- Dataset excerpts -
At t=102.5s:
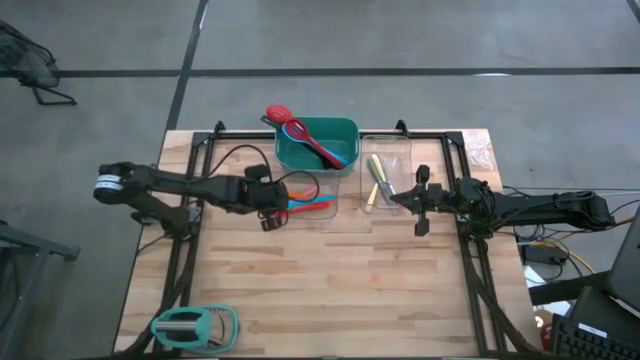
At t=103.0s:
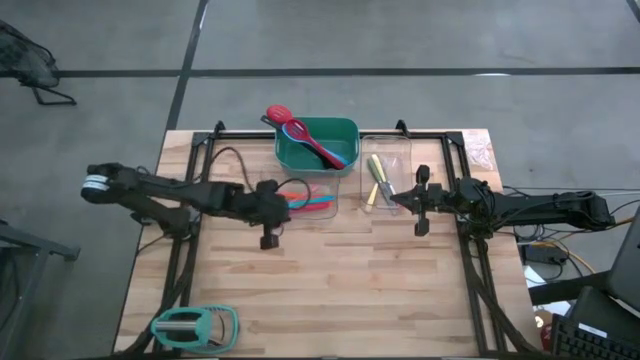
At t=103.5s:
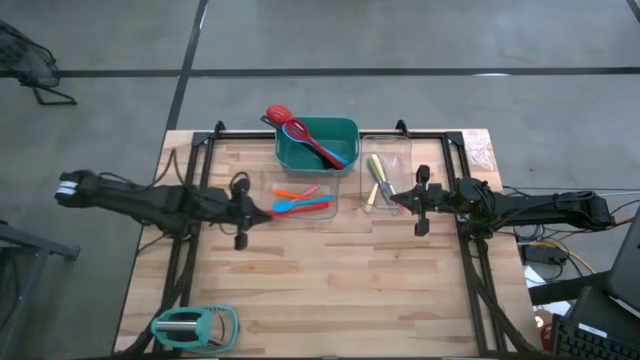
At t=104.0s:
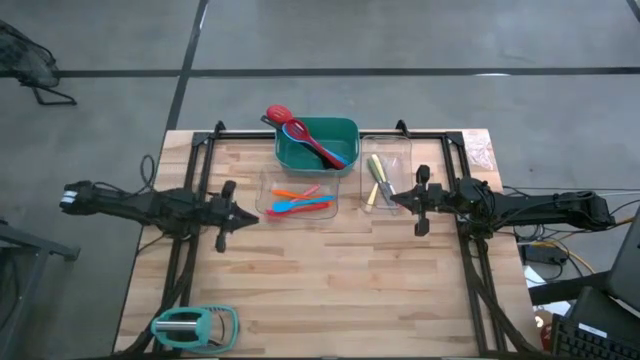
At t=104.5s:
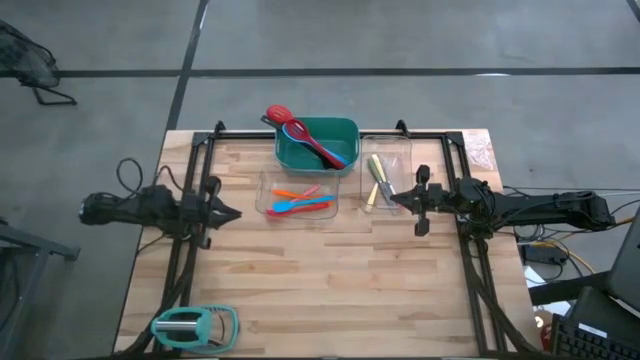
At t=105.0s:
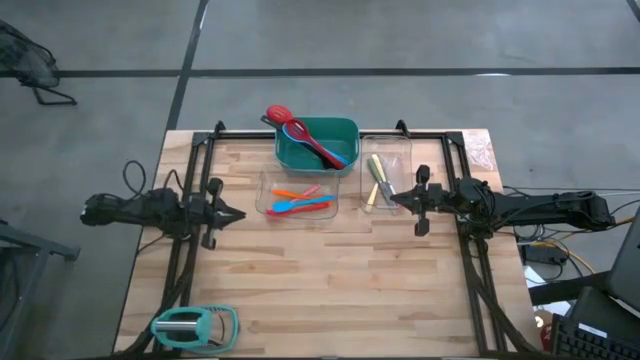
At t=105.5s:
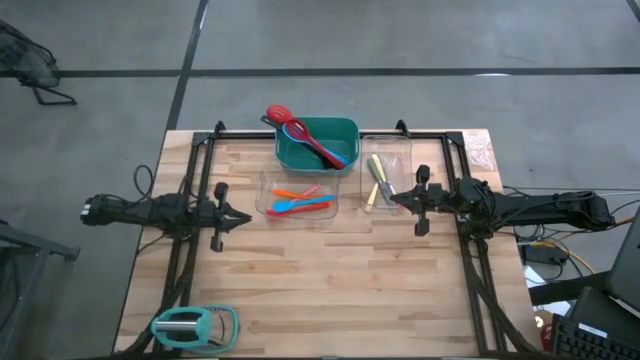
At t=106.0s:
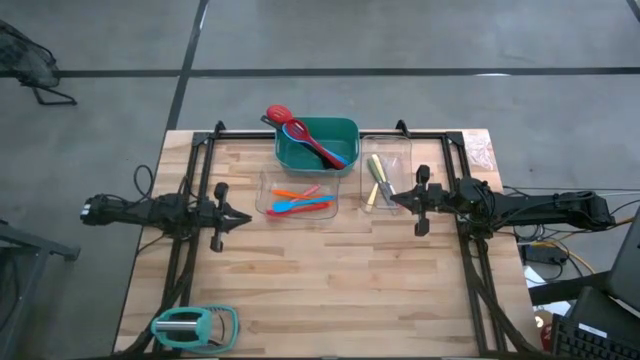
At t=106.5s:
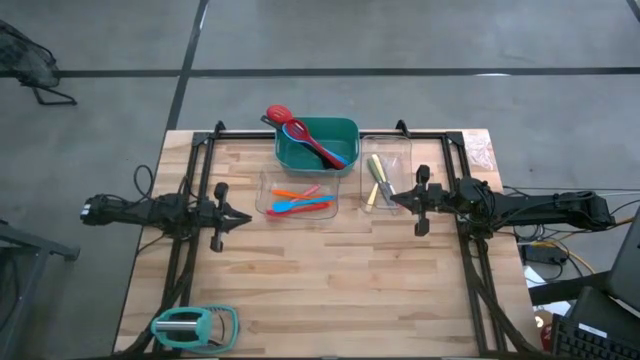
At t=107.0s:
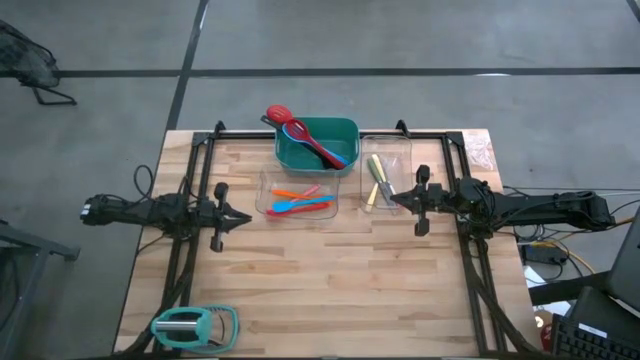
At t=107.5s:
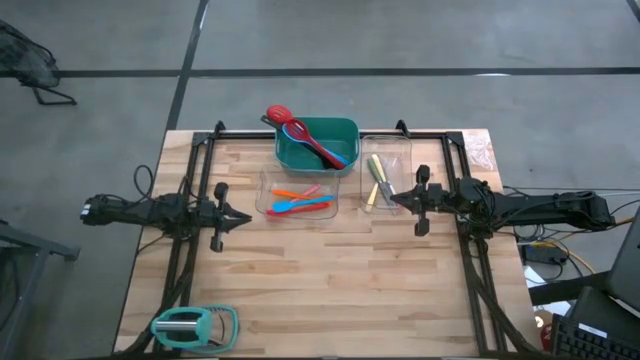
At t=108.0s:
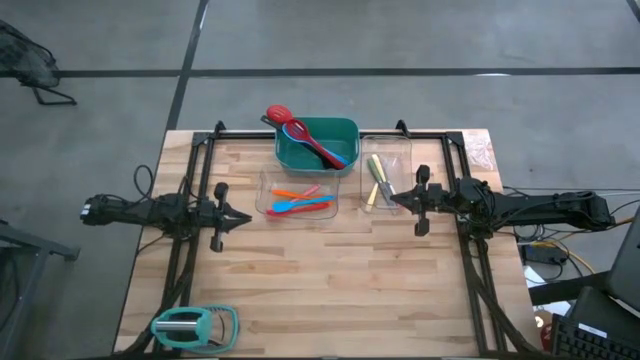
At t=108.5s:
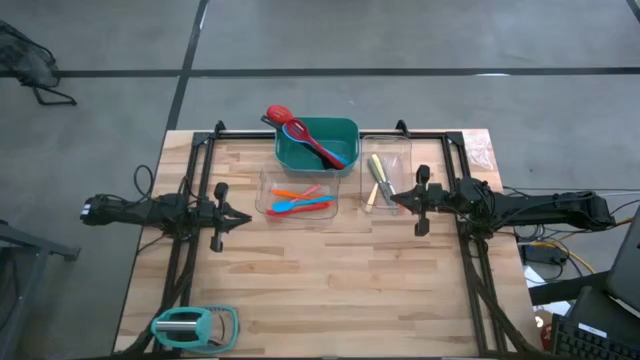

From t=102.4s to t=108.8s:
Return to Home Position

- Assignment -
Give every record again word for word, pictures excluded.

- Solution to the problem -
At t=102.5s:
At t=103.0s:
At t=103.5s:
At t=104.0s:
At t=104.5s:
At t=105.0s:
At t=105.5s:
At t=106.0s:
At t=106.5s:
At t=107.0s:
At t=107.5s:
At t=108.0s:
At t=108.5s:

From t=102.4s to t=108.8s:
Return to Home Position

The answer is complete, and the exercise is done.